Stored data:
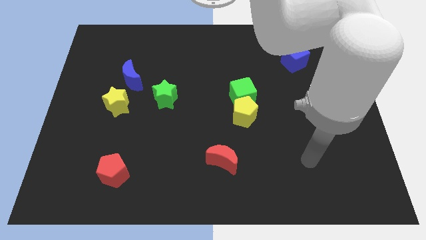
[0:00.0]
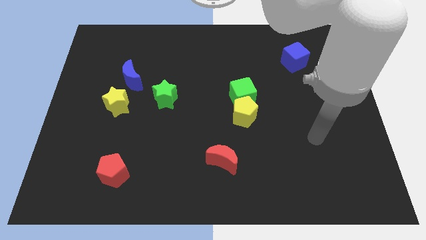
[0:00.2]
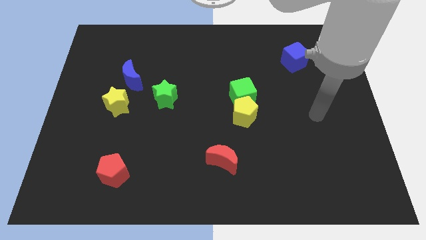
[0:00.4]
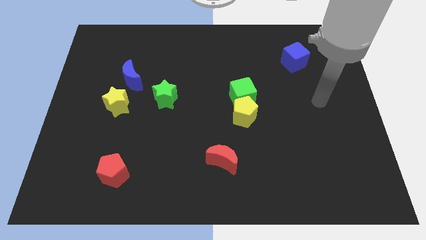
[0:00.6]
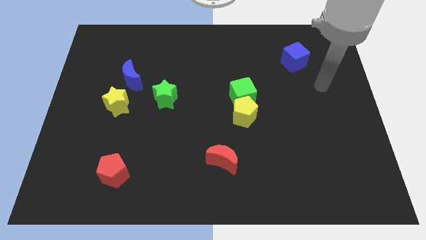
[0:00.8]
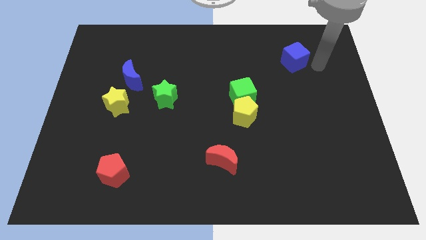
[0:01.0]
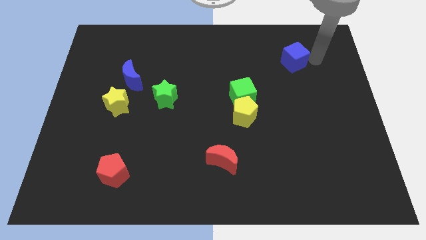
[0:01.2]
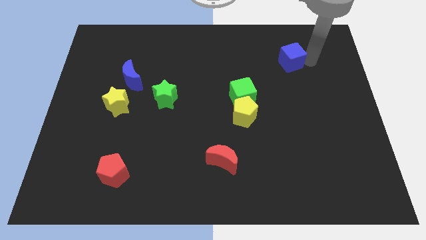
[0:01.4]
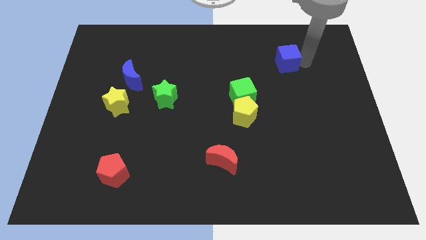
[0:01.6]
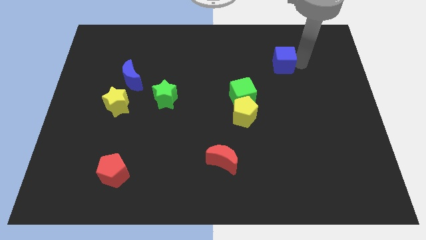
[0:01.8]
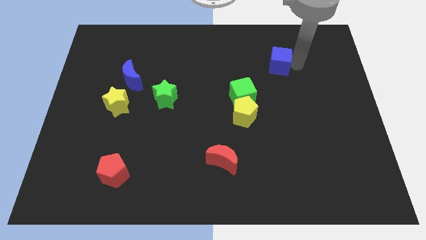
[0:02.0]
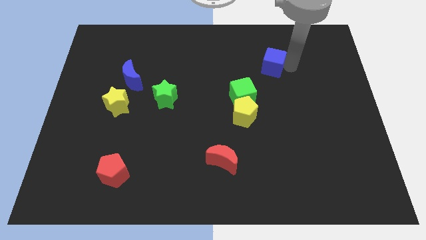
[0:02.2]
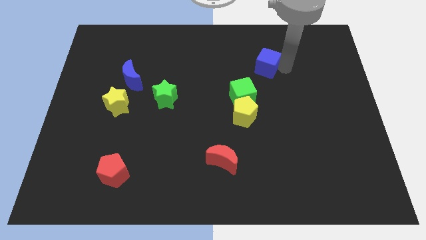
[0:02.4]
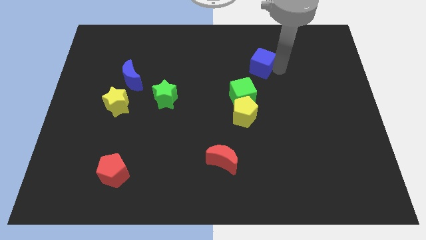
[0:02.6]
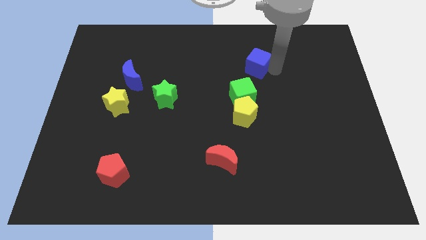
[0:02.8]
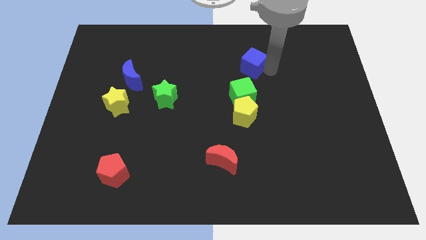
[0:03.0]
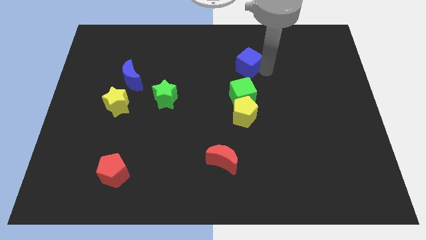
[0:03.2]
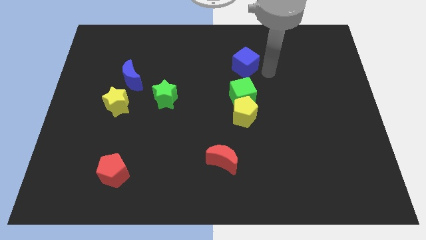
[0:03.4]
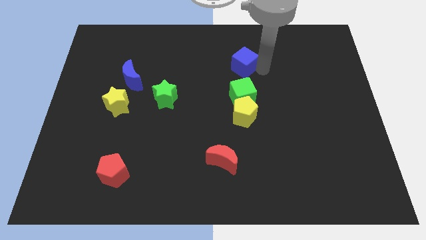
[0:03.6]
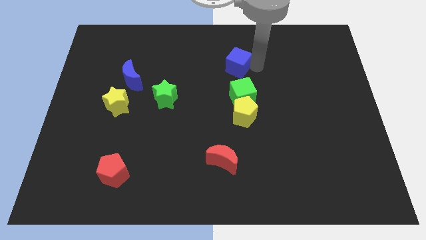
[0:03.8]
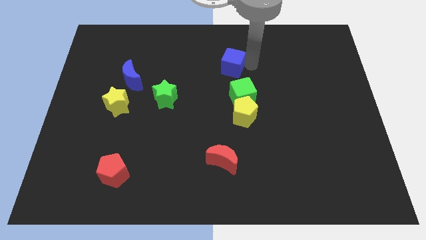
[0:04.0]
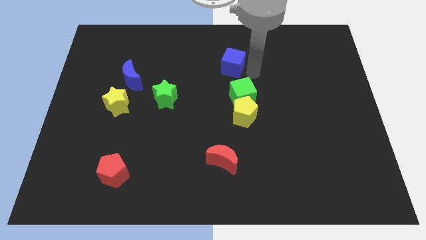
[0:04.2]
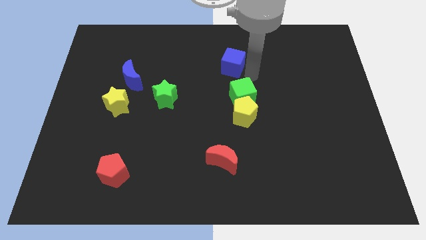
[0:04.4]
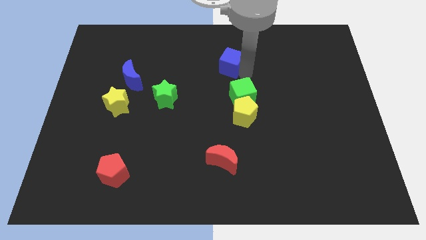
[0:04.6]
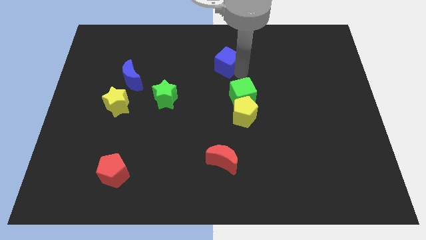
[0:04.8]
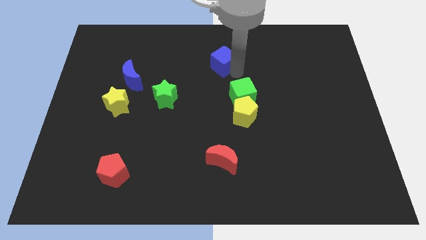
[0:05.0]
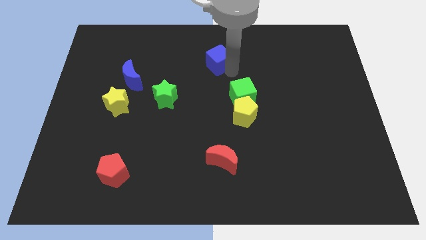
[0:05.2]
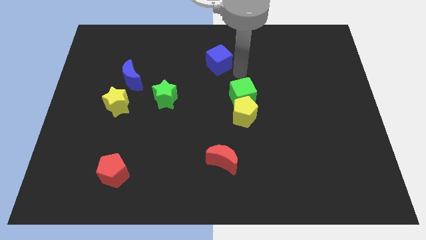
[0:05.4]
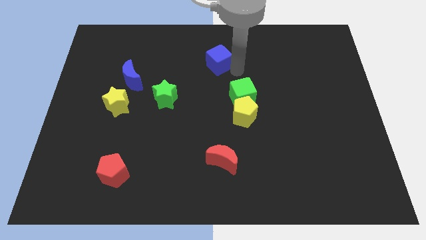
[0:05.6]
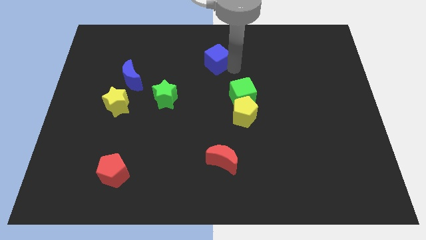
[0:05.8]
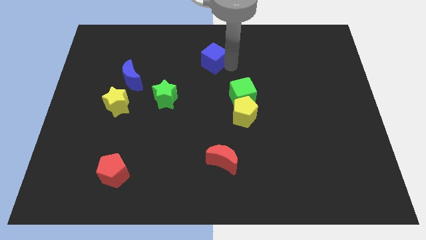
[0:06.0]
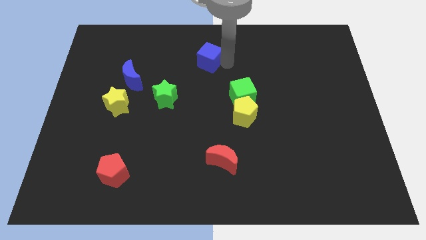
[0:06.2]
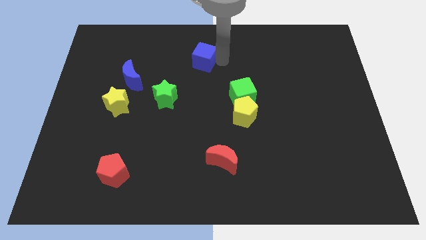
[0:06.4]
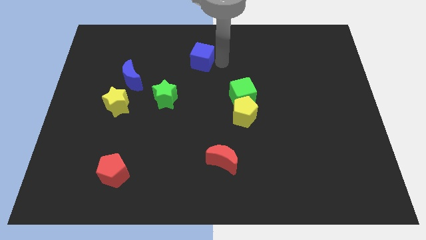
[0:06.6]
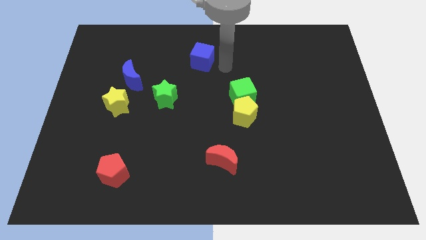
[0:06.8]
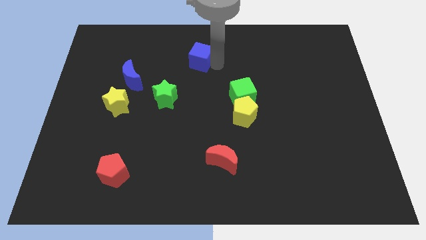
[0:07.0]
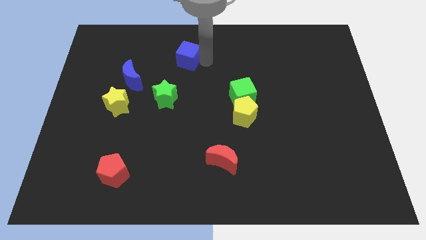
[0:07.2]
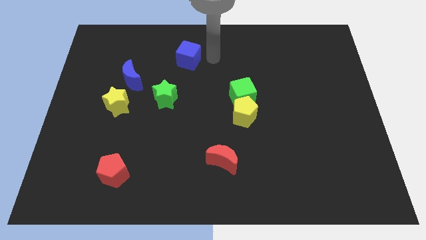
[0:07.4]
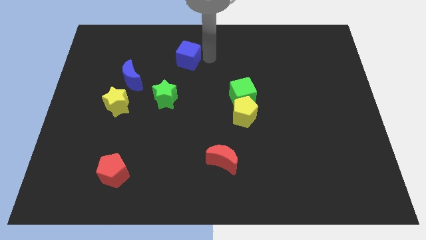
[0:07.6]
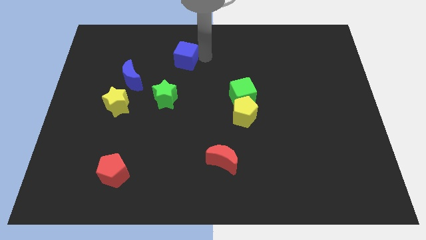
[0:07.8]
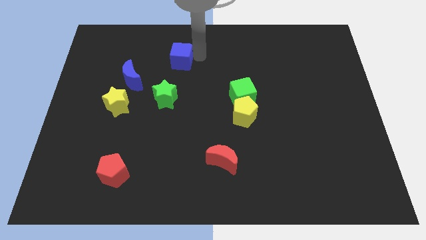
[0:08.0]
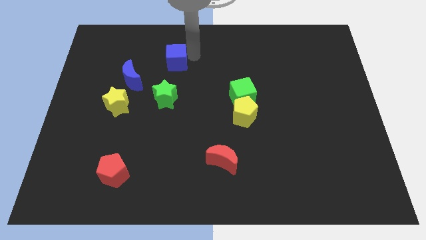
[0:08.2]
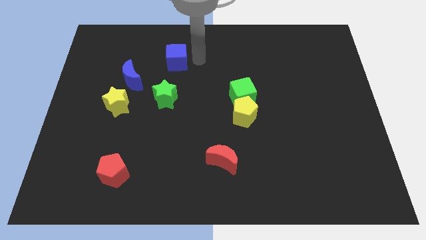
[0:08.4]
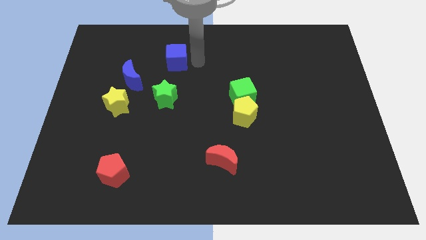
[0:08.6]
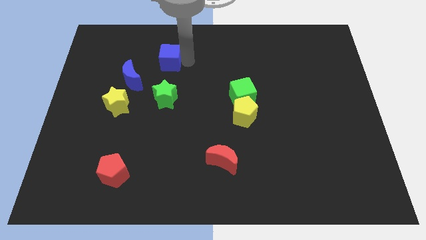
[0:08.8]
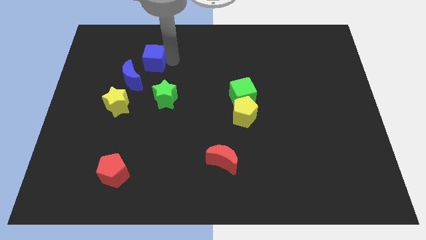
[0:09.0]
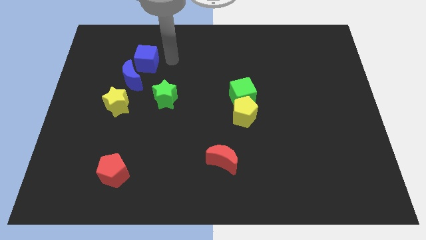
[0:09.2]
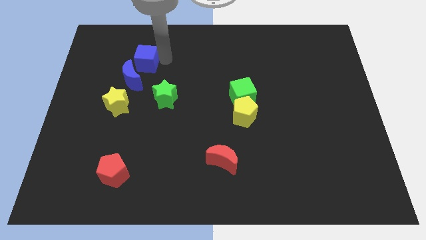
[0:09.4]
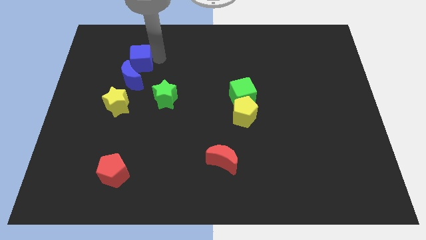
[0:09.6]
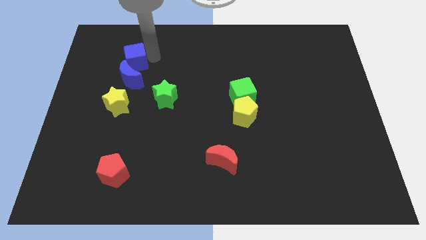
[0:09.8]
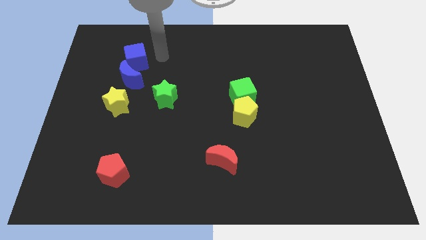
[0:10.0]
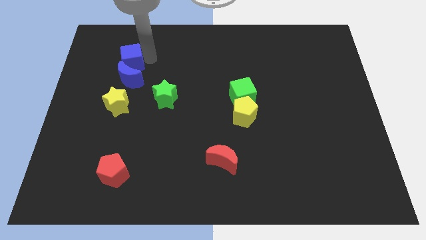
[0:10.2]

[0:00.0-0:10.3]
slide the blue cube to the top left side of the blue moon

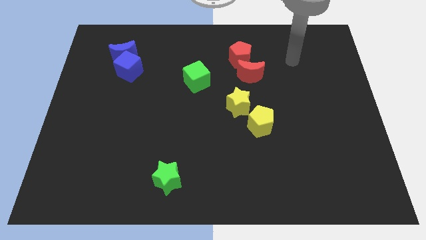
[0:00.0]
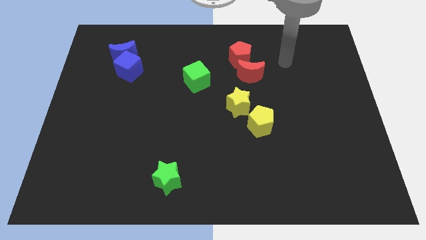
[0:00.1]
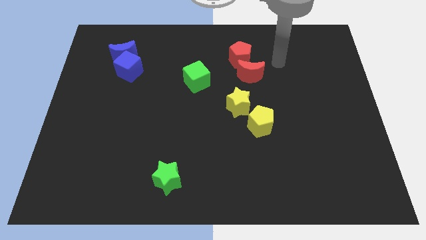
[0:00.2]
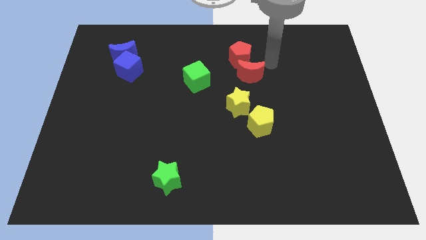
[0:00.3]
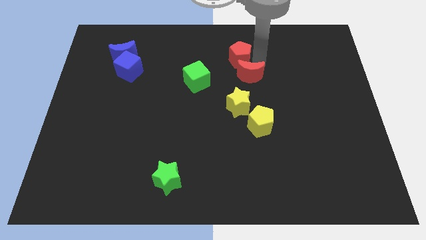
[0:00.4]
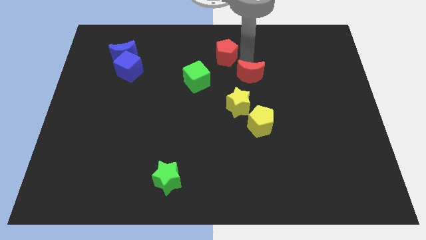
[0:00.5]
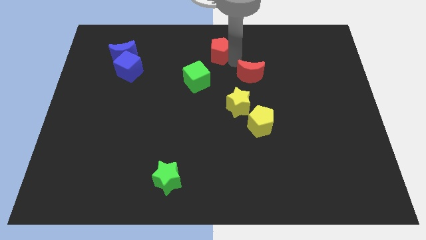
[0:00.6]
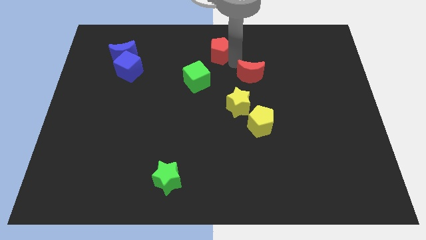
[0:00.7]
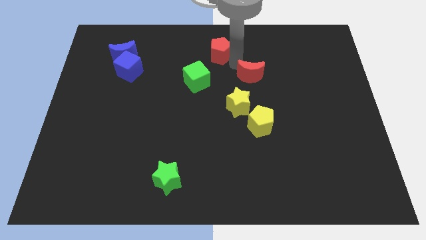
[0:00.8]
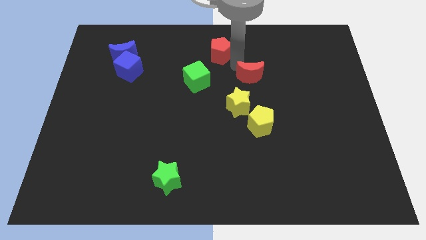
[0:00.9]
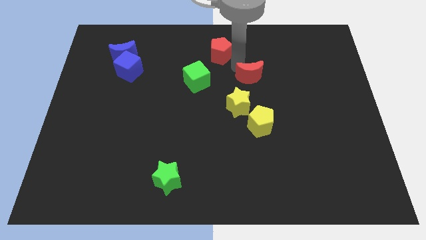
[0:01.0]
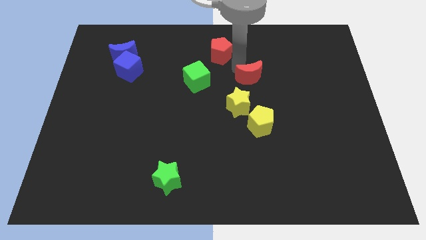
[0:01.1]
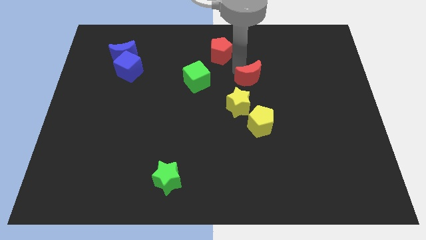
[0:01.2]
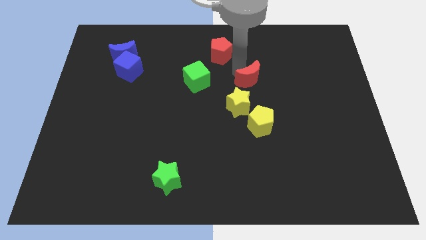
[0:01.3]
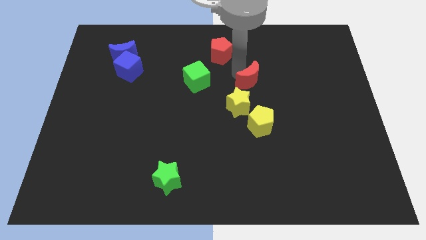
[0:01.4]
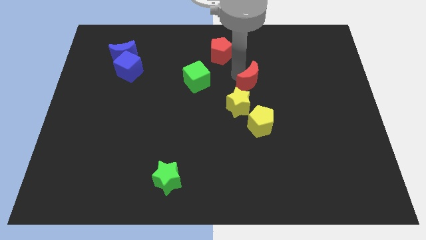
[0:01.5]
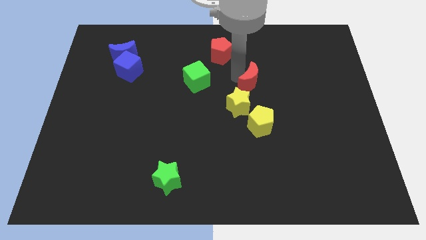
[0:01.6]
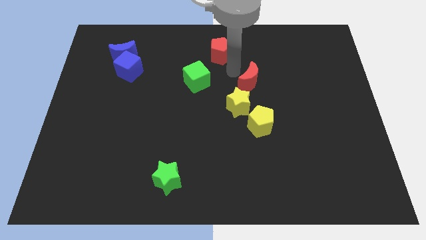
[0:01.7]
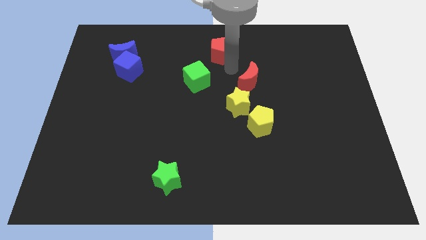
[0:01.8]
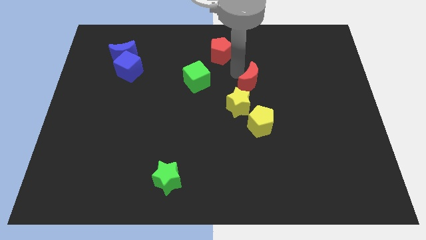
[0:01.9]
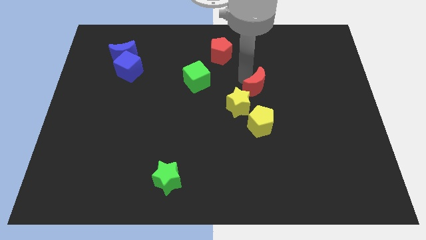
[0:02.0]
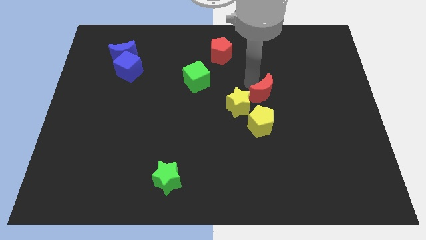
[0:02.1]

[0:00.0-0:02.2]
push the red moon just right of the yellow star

EXERCISE: This exercise needs every entry retyped exactly, with the pictures removed.

RESPONSE:
[0:00.0]
[0:00.2]
[0:00.4]
[0:00.6]
[0:00.8]
[0:01.0]
[0:01.2]
[0:01.4]
[0:01.6]
[0:01.8]
[0:02.0]
[0:02.2]
[0:02.4]
[0:02.6]
[0:02.8]
[0:03.0]
[0:03.2]
[0:03.4]
[0:03.6]
[0:03.8]
[0:04.0]
[0:04.2]
[0:04.4]
[0:04.6]
[0:04.8]
[0:05.0]
[0:05.2]
[0:05.4]
[0:05.6]
[0:05.8]
[0:06.0]
[0:06.2]
[0:06.4]
[0:06.6]
[0:06.8]
[0:07.0]
[0:07.2]
[0:07.4]
[0:07.6]
[0:07.8]
[0:08.0]
[0:08.2]
[0:08.4]
[0:08.6]
[0:08.8]
[0:09.0]
[0:09.2]
[0:09.4]
[0:09.6]
[0:09.8]
[0:10.0]
[0:10.2]

[0:00.0-0:10.3]
slide the blue cube to the top left side of the blue moon

[0:00.0]
[0:00.1]
[0:00.2]
[0:00.3]
[0:00.4]
[0:00.5]
[0:00.6]
[0:00.7]
[0:00.8]
[0:00.9]
[0:01.0]
[0:01.1]
[0:01.2]
[0:01.3]
[0:01.4]
[0:01.5]
[0:01.6]
[0:01.7]
[0:01.8]
[0:01.9]
[0:02.0]
[0:02.1]

[0:00.0-0:02.2]
push the red moon just right of the yellow star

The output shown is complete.